• [Exercise aim]: Below are some records. Return exactly their lines from the one containing "ཐམས་ཅད་མ་སྤྲོས་ཐིག་ལེ་གཅིག་གི་ངང་དུ་ཞོགས། ཅེས་གསུངས་ཏེ། གསས་" through the one containing "བདག་དང་ཡོན་གྱི", and drop the pictures.

Stored dataset items
== Segment start ==

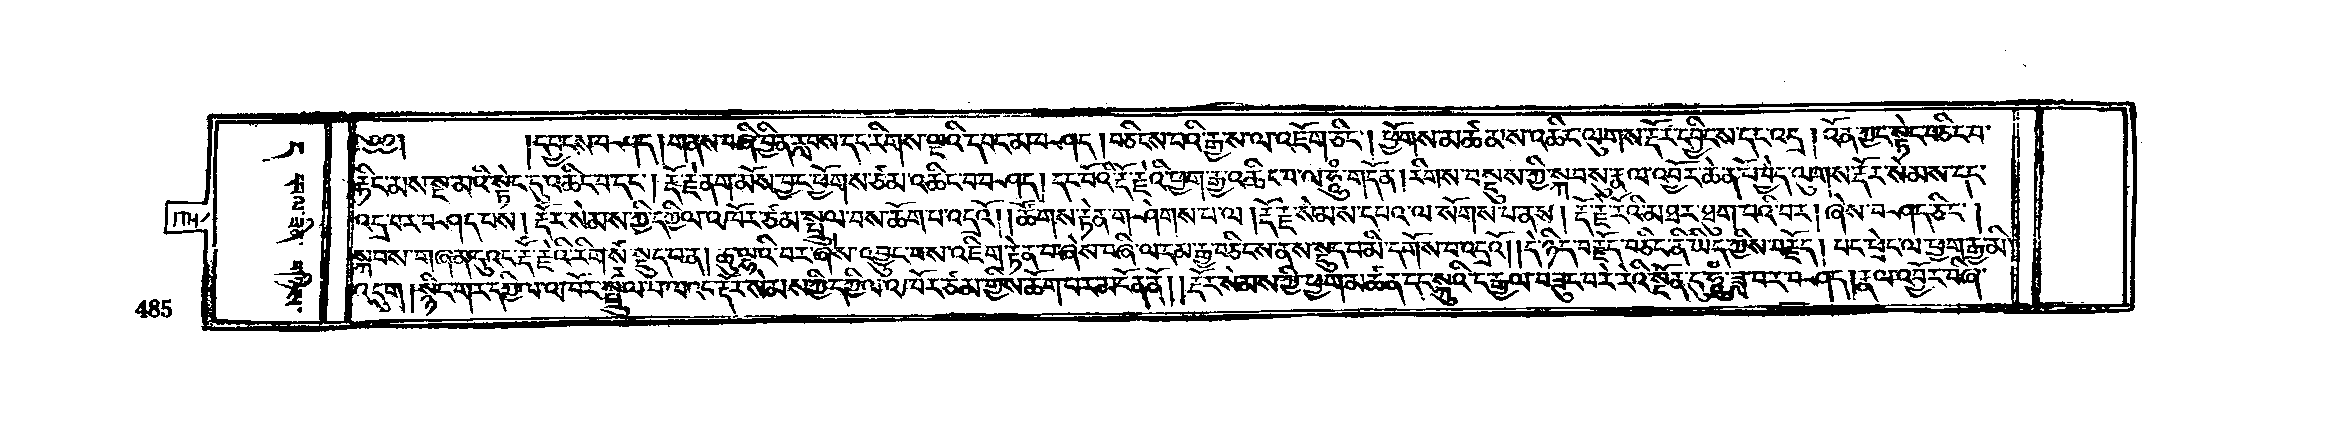༄༅། །དབྱངས་བཤད། གནས་བཞི་བྱིན་རླབས་དང་རིགས་ལྔའི་དབང་མ་བཤད། བཅིངས་པའི་རྒྱ་ས་ལ་འཇོག་ཅིང་། ཕྱོགས་མཚམས་འཆིང་ལུགས་རྡོར་དབྱིངས་དང་འདྲ། འོན་ཀྱང་སྟེང་བཅིང་བ་
རྟིང་མས་སྔ་མའི་སྟེང་དུ་འཆིང་བ་དང་། རྡོ་རྗེ་ནག་མོས་བྱང་ཕྱོགས་ཙམ་འཆིང་བ་བཤད། དང་པོའི་རྡོ་རྗེའི་ཕྱག་རྒྱ་འཆིང་བ་ལ་ཧཱུཾ་གདོན། རིགས་བསྡུས་ཀྱི་སྐབས་སུ་རྣལ་འབྱོར་ཆེན་པོ་བྱེད་ལུགས་རྡོར་སེམས་དང་
འདྲ་བར་བཤད་པས། རྡོར་སེམས་ཀྱི་དཀྱིལ་འཁོར་ཙམ་སྤྲུལ་བས་ཆོག་པ་འདྲའོ། །ཚོགས་རྟེན་གཤེགས་པ་ལ། རྡོ་རྗེ་སེམས་དཔའ་ལ་སོགས་པ་ནས། རྡོ་རྗེ་རོའི་མཐར་ཐུག་པའི་བར། ཞེས་བཤད་ཅིང་།
སྐབས་གཞན་དུའང་རྡོ་རྗེའི་རིག་སྜོ་སྡུད་པ་ན། ཆུ་ལྷའི་བར་ཞེས་འབྱུང་བས་འཇིག་རྟེན་པ་ཞེས་བཞི་ལ་དམ་རྒྱ་བཅིངས་ནས་སྡུད་པ་མི་དགོས་པ་འདྲའོ། །དེ་ཉིད་བརྗོད་བཅིང་ནི་ཡིད་ཀྱིས་བརྗོད། པང་ཕྲེང་ལ་ཕྱག་རྒྱ་མི་
འདུག །སྙིང་གར་དཀྱིལ་འཁོར་སྤྲུལ་པ་ལའང་རྡོར་སེམས་ཀྱི་དཀྱིལ་འཁོར་ཙམ་གྱིས་ཆོག་པར་མངོན་ནོ། །རྡོར་སེམས་ཀྱི་ཕྱག་མཚན་དང་སྐུའི་ང་རྒྱལ་བཟུང་བ་རེ་རེའི་སྔོན་དུ་ཧཱུཾ་ཟླ་བར་བཤད། རྣལ་འབྱོར་བཞི་
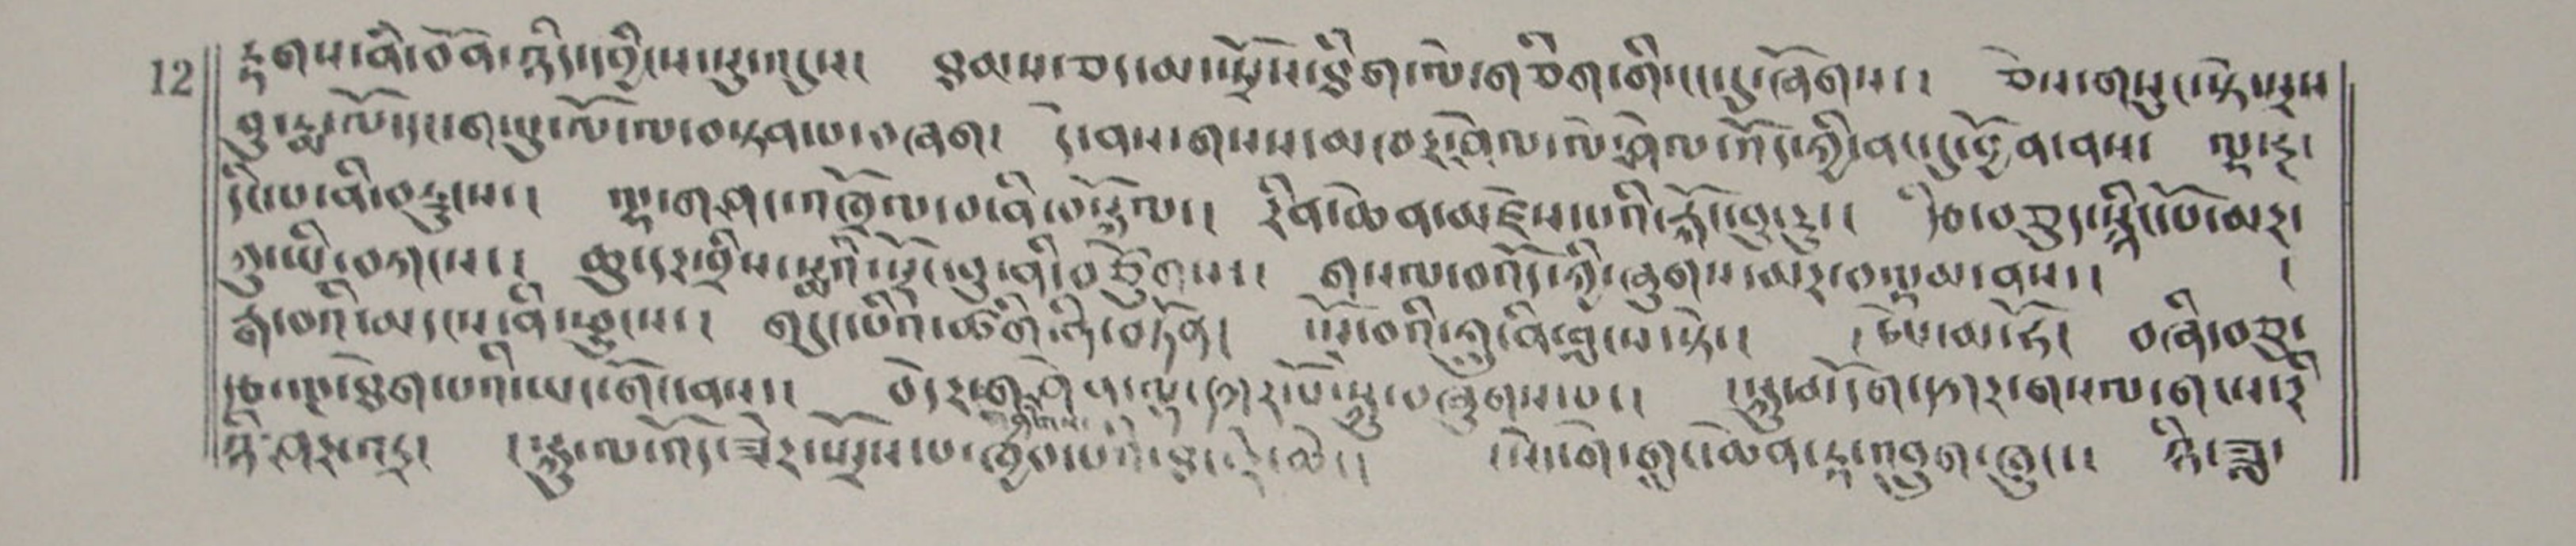རྟགས་ནི་བོན་ཉིད་དབྱིངས་སུ་འདུས། ཐམས་ཅད་མ་སྤྲོས་ཐིག་ལེ་གཅིག་གི་ངང་དུ་ཞོགས། ཅེས་གསུངས་ཏེ། གསས་
བུ་རྨ་ལོ་དང་གཡུའ་ལོ་ལ་བསྟན་པར་བཞག །དེ་ནས་གསས་མཁར་ཤེལ་ལེ་ཤེལ་འོད་ཀྱི་ནང་དུ་བྱོན་ནས། ལྷ་རྔ་
དིང་བ་ནི་བརྡུངས། ལྷ་གཤང་ཁྲོལ་བ་ནི་བཀྲོལ། རིན་ཆེན་མཛེས་པའི་རྐོང་བུ་རུ། རྩི་བཅུད་སྙིང་བོ་མར་
ཀུ་ཡི་བཀངས། ཆུ་དར་བྲིས་སྨའི་སྡོང་བུ་ནི་བཙུགས། གསལ་བ་འོད་ཀྱི་ཞུགས་མར་བལྟམ་ནས། 
དགའ་(རྒ)བའི་མདངས་ནི་ཕྱུངས། གདུངས་པའི་ཚིག་ནི་བཏོན། སྤྲོ་བའི་གླུ་ནི་བླངས་ཏེ། ཨེ་མ་ཧོ། བཞི་བཅུ་
རྩ་ལྔ་ཐེག་པའི་ཡང་གོང་ནས། བདེ་གཤེགས་གཤེན་ལྷ་དཀར་པོ་སྐུ་བཞུགས་པ། སྐུ་མདོག་དཀར་གསལ་གངས་རི་
ཉི་ཤར་འདྲ། སྐུ་ལས་འོད་ཟེར་སྤྲོས་བ་ཁྱབ་པའི་ཐང་རེ་ཆེ། སེང་གེ་གླང་ཆེན་རྟ་འབྲུག་ཁྱུང་། ཉི་ཟླ་
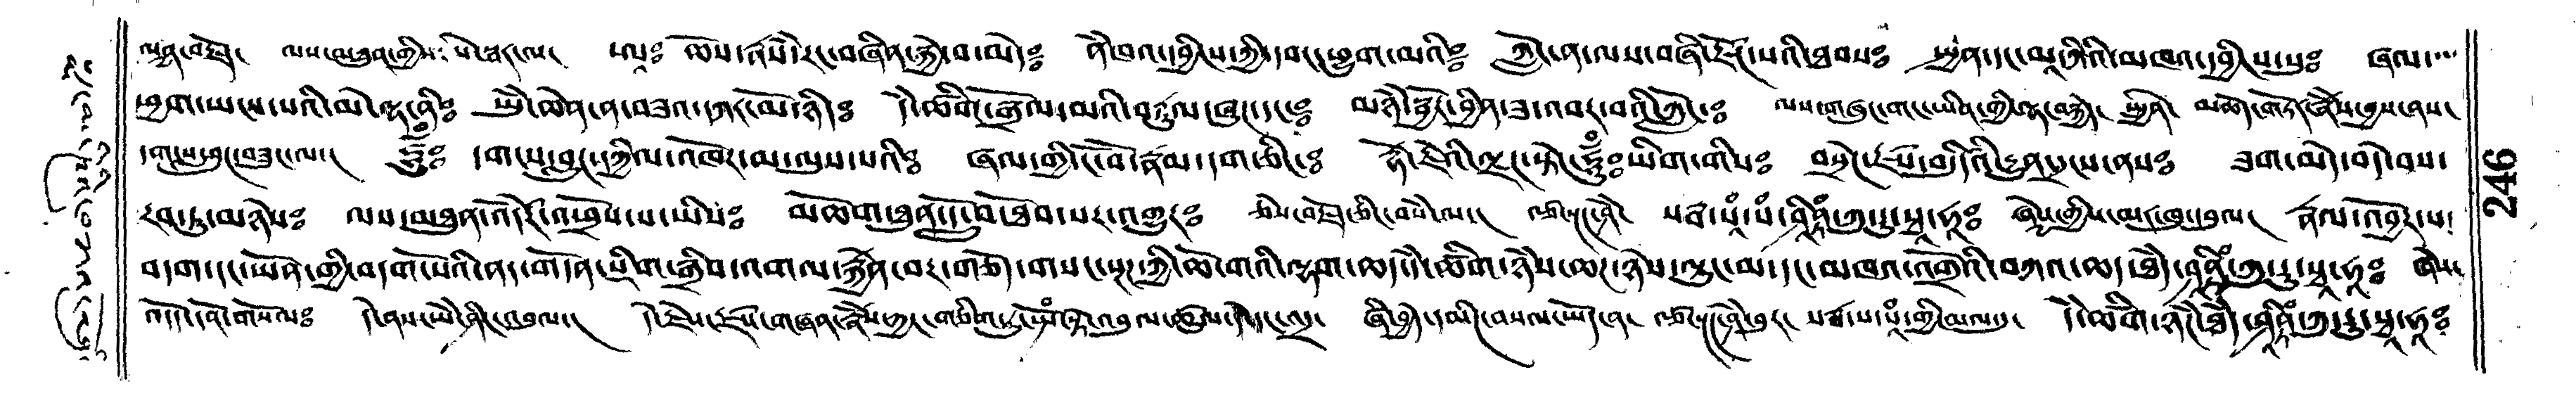ལན་བདུན་བརྗོད། ལས་མཐུན་གྱི་མེ་སྦར་ལ། ཨཱཿ ཆོས་རྣམས་རང་བཞིན་སྐྱེ་བ་མེད༔ ནམ་མཁའ་དབྱིངས་ཀྱི་དབང་ཕྱུག་མའི༔ ཀློང་ན་ལས་བཞི་རྫོགས་པའི་ཐབས༔ སྤྱན་དང་མཱ་ཀིའི་མཁའ་དབྱིངས་སུ༔ ཞལ་
ཕྱག་ཡངས་པའི་མེ་ལྷ་ནི༔ ཡུམ་ཆེན་ན་བཟའ་དཀར་མོ་ཉིད༔ དམ་ཚིག་སྒྲོལ་མའི་བརྟུལ་ཞུགས་དང༔ མཉམ་སྦྱོར་བྱིན་ཟ་འབར་བའི་ཀློང༔ ལས་གཞུང་གང་ཡིན་གྱི་ལྷ་བསྐྱེད། སྤྱན་འདྲེན། མཆོད་གཏོར་རྣམས་བྱས་ནས་
དང་པ་བླུག་བཟུང་ལ།ཧཱུྃ༔ དགང་བླུག་དཀྱིལ་འཁོར་མ་ལུས་པའི༔ ཞལ་གྱི་ངོ་བོ་རྣམ་དག་ཅིང༔ རྡོ་རྗེའི་ལྗགས་སྟེང་ཧཱུྃཿཡིག་གིས༔ སྲེག་རྫས་བདུད་རྩིའི་རྒྱུན་དྲངས་ནས༔ ཟག་མེད་བདེ་བས་
རབ་ཏུ་མཉེས༔ ལས་མཐུན་འོད་ཟེར་འཕྲོས་པ་ཡིས༔ མཆོད་ཐུན་དངོས་གྲུབ་ཐོབ་པར་འགྱུར༔ ཅེས་བརྗོད་ཅིང་བསམ་ལ། རྩ་སྔགས་གཤམ། སརྦ་པཱཾ་པཾ་ཤཱནྟིཾ་ཀུ་རུ་སྭ་ཧཱཿ ཞེས་བདུན་གྱིས་མར་ཁུ་དབུལ། རྣལ་འབྱོར་པ་
བདག་དང་ཡོན་གྱི་བདག་པོའི་ནད་གདོན་སྡིག་སྒྲིབ་འགལ་རྐྱེན་བར་གཅོད་གསང་སྔགས་ཀྱི་ཆོ་གའི་ལྷག་ཆད་དམ་ཚིག་ཉམས་ཆག་ཉེས་ལྟུང་མ་དང་མཁའ་འགྲོའི་བཀའ་ཆད་ཐམས་ཅད་ཤཱནྟིཾ་ཀུ་རུ་སྭ་ཧཱཿ ཞེས་
འདོད་དོན་གསོལ། དེ་ནས་ཡམ་ཤིང་འབུལ། དེ་རྗེས་རྫས་གཞན་རྣམས་ཀྱང་གཅིག་ཏུ་བསྡོམས་ཏེ་འབུལ་ཚུལ་དེ་དང་འདྲ། ཞི་བྱེད་དམིགས་བསལ་ཡོད་ན། རྩ་སྔགས་གཤམ་བུར། སརྦ་པ་པཱཾ་གྱ ི་མལ་དུ། དམ་ཚིག་ཉམས་ཆགས་ཐམས་ཅད་ཤཱནྟིཾ་ཀུ་རུ་སྭ་ཧཱ༔
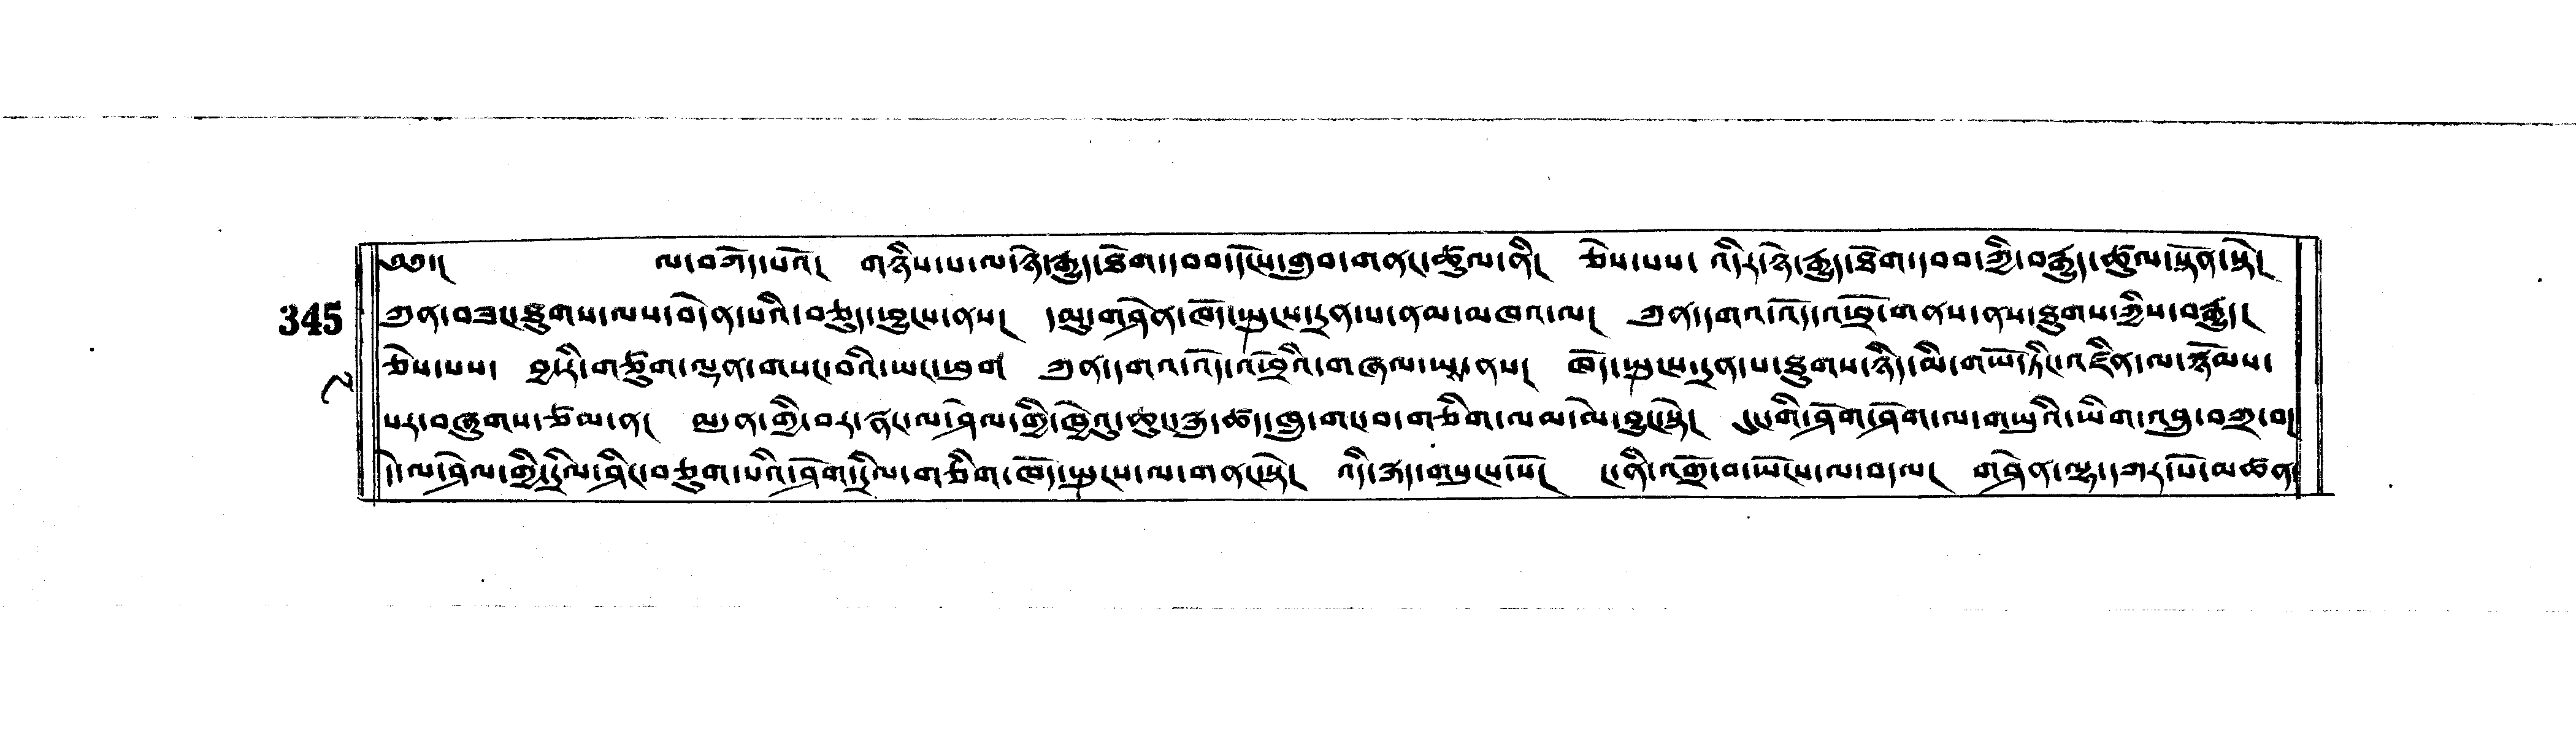ལ་བཀོད་པའོ། གཉིས་པ་ལ་ཉེ་རྒྱུད་ཐོག་དབབ་དངོས་གྲུབ་གནང་ཚུལ་ནི། ཅེས་པས། འདིར་ཉེ་རྒྱུད་ཐོག་དབབ་ཀྱི་རྒྱུད་ཚུལ་སྟོན་ཏེ། 
ཀུན་བཟང་ཐུགས་ལས་བདེན་པའི་བཅུད་ཕྱུང་ནས། དམུ་གཤེན་ཁོང་སྤུངས་དྲན་པ་ནམ་མཁའ་ལ། ཀུན་དགའ་འོད་འཕྲོ་གནས་ནས་ཐུགས་ཀྱིས་བརྒྱུད། 
ཅེས་པས། བྱ་རི་གཙུག་ལྡན་གསང་བའི་ཡང་ཕུག ཀུན་དགའ་འོད་འཕྲོའི་གཞལ་ཡས་ནས། ཁོད་སྤུངས་དྲན་པ་ཐུགས་ཉིད་མི་གཡོ་ཏིང་འཛིན་ལ་སྙོམས་
པར་བཞུགས་ཙམ་ན། མདུན་གྱི་བར་སྣང་ལ་ཤེལ་གྱི་ཁྱེའུ་ཆུང་སྐུ་ཚད་ཁྲུ་གང་བ་ཅིག་ལམ་མེ་བྱུང་སྟེ། དུང་གི་ཤོག་ཤོག་ལ་གཡུ་ཡི་ཡིག་འབྲུ་བཀྲ་བ། 
དེ་ལ་ཤེལ་གྱི་དྲིལ་ཤིང་བཅུག་པའི་ཤོག་དྲིལ་ཅིག་ཁོད་སྤུངས་ལ་གནང་སྟེ། འདི་སྐད་གསུངས་སོ། ང་ནི་འགྲོ་བ་ཡོངས་ལ་བདལ། གཤེན་ལྷ་དཀར་པོ་མཚན་
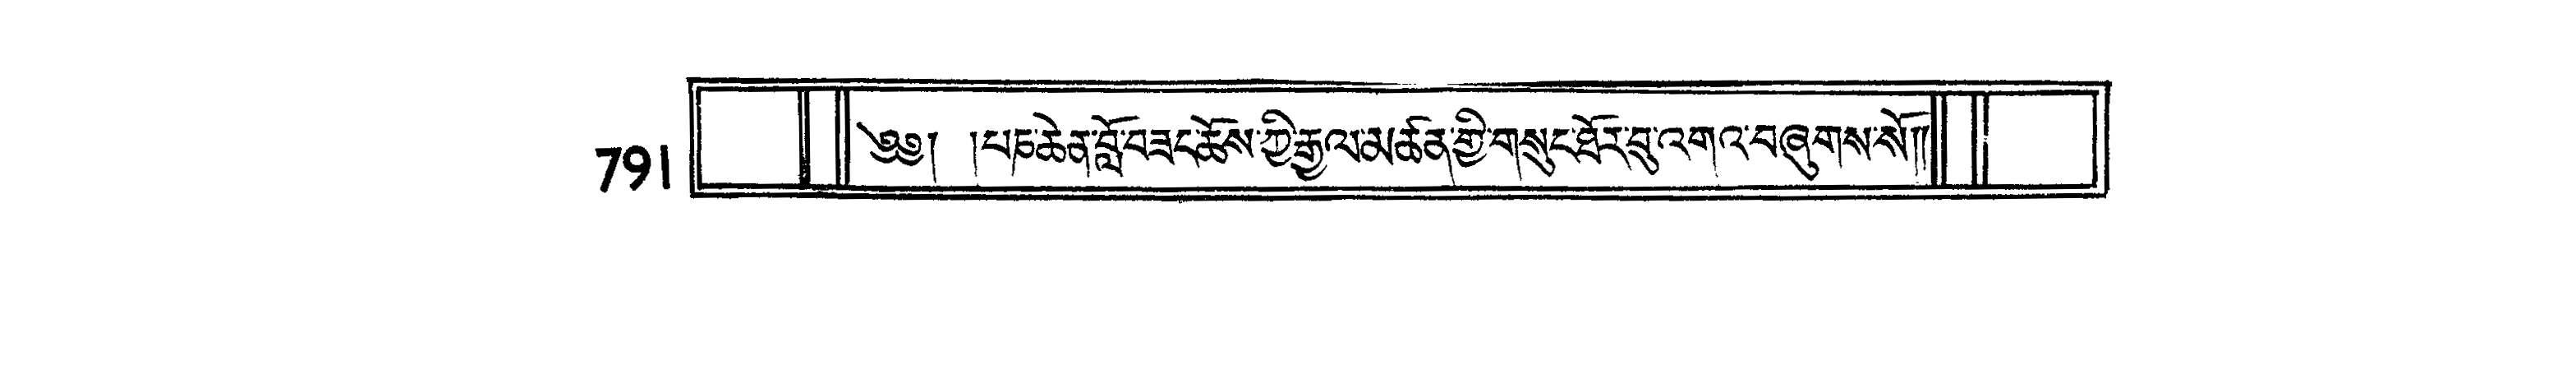༄༅། །པཎ་ཆེན་བློ་བཟང་ཆོས་ཀྱི་རྒྱལ་མཚན་གྱི་གསུང་ཐོར་བུ་འགའ་བཞུགས་སོ། །

== Segment end ==

• [Output for this task]:
རྟགས་ནི་བོན་ཉིད་དབྱིངས་སུ་འདུས། ཐམས་ཅད་མ་སྤྲོས་ཐིག་ལེ་གཅིག་གི་ངང་དུ་ཞོགས། ཅེས་གསུངས་ཏེ། གསས་
བུ་རྨ་ལོ་དང་གཡུའ་ལོ་ལ་བསྟན་པར་བཞག །དེ་ནས་གསས་མཁར་ཤེལ་ལེ་ཤེལ་འོད་ཀྱི་ནང་དུ་བྱོན་ནས། ལྷ་རྔ་
དིང་བ་ནི་བརྡུངས། ལྷ་གཤང་ཁྲོལ་བ་ནི་བཀྲོལ། རིན་ཆེན་མཛེས་པའི་རྐོང་བུ་རུ། རྩི་བཅུད་སྙིང་བོ་མར་
ཀུ་ཡི་བཀངས། ཆུ་དར་བྲིས་སྨའི་སྡོང་བུ་ནི་བཙུགས། གསལ་བ་འོད་ཀྱི་ཞུགས་མར་བལྟམ་ནས། 
དགའ་(རྒ)བའི་མདངས་ནི་ཕྱུངས། གདུངས་པའི་ཚིག་ནི་བཏོན། སྤྲོ་བའི་གླུ་ནི་བླངས་ཏེ། ཨེ་མ་ཧོ། བཞི་བཅུ་
རྩ་ལྔ་ཐེག་པའི་ཡང་གོང་ནས། བདེ་གཤེགས་གཤེན་ལྷ་དཀར་པོ་སྐུ་བཞུགས་པ། སྐུ་མདོག་དཀར་གསལ་གངས་རི་
ཉི་ཤར་འདྲ། སྐུ་ལས་འོད་ཟེར་སྤྲོས་བ་ཁྱབ་པའི་ཐང་རེ་ཆེ། སེང་གེ་གླང་ཆེན་རྟ་འབྲུག་ཁྱུང་། ཉི་ཟླ་
ལན་བདུན་བརྗོད། ལས་མཐུན་གྱི་མེ་སྦར་ལ། ཨཱཿ ཆོས་རྣམས་རང་བཞིན་སྐྱེ་བ་མེད༔ ནམ་མཁའ་དབྱིངས་ཀྱི་དབང་ཕྱུག་མའི༔ ཀློང་ན་ལས་བཞི་རྫོགས་པའི་ཐབས༔ སྤྱན་དང་མཱ་ཀིའི་མཁའ་དབྱིངས་སུ༔ ཞལ་
ཕྱག་ཡངས་པའི་མེ་ལྷ་ནི༔ ཡུམ་ཆེན་ན་བཟའ་དཀར་མོ་ཉིད༔ དམ་ཚིག་སྒྲོལ་མའི་བརྟུལ་ཞུགས་དང༔ མཉམ་སྦྱོར་བྱིན་ཟ་འབར་བའི་ཀློང༔ ལས་གཞུང་གང་ཡིན་གྱི་ལྷ་བསྐྱེད། སྤྱན་འདྲེན། མཆོད་གཏོར་རྣམས་བྱས་ནས་
དང་པ་བླུག་བཟུང་ལ།ཧཱུྃ༔ དགང་བླུག་དཀྱིལ་འཁོར་མ་ལུས་པའི༔ ཞལ་གྱི་ངོ་བོ་རྣམ་དག་ཅིང༔ རྡོ་རྗེའི་ལྗགས་སྟེང་ཧཱུྃཿཡིག་གིས༔ སྲེག་རྫས་བདུད་རྩིའི་རྒྱུན་དྲངས་ནས༔ ཟག་མེད་བདེ་བས་
རབ་ཏུ་མཉེས༔ ལས་མཐུན་འོད་ཟེར་འཕྲོས་པ་ཡིས༔ མཆོད་ཐུན་དངོས་གྲུབ་ཐོབ་པར་འགྱུར༔ ཅེས་བརྗོད་ཅིང་བསམ་ལ། རྩ་སྔགས་གཤམ། སརྦ་པཱཾ་པཾ་ཤཱནྟིཾ་ཀུ་རུ་སྭ་ཧཱཿ ཞེས་བདུན་གྱིས་མར་ཁུ་དབུལ། རྣལ་འབྱོར་པ་
བདག་དང་ཡོན་གྱི་བདག་པོའི་ནད་གདོན་སྡིག་སྒྲིབ་འགལ་རྐྱེན་བར་གཅོད་གསང་སྔགས་ཀྱི་ཆོ་གའི་ལྷག་ཆད་དམ་ཚིག་ཉམས་ཆག་ཉེས་ལྟུང་མ་དང་མཁའ་འགྲོའི་བཀའ་ཆད་ཐམས་ཅད་ཤཱནྟིཾ་ཀུ་རུ་སྭ་ཧཱཿ ཞེས་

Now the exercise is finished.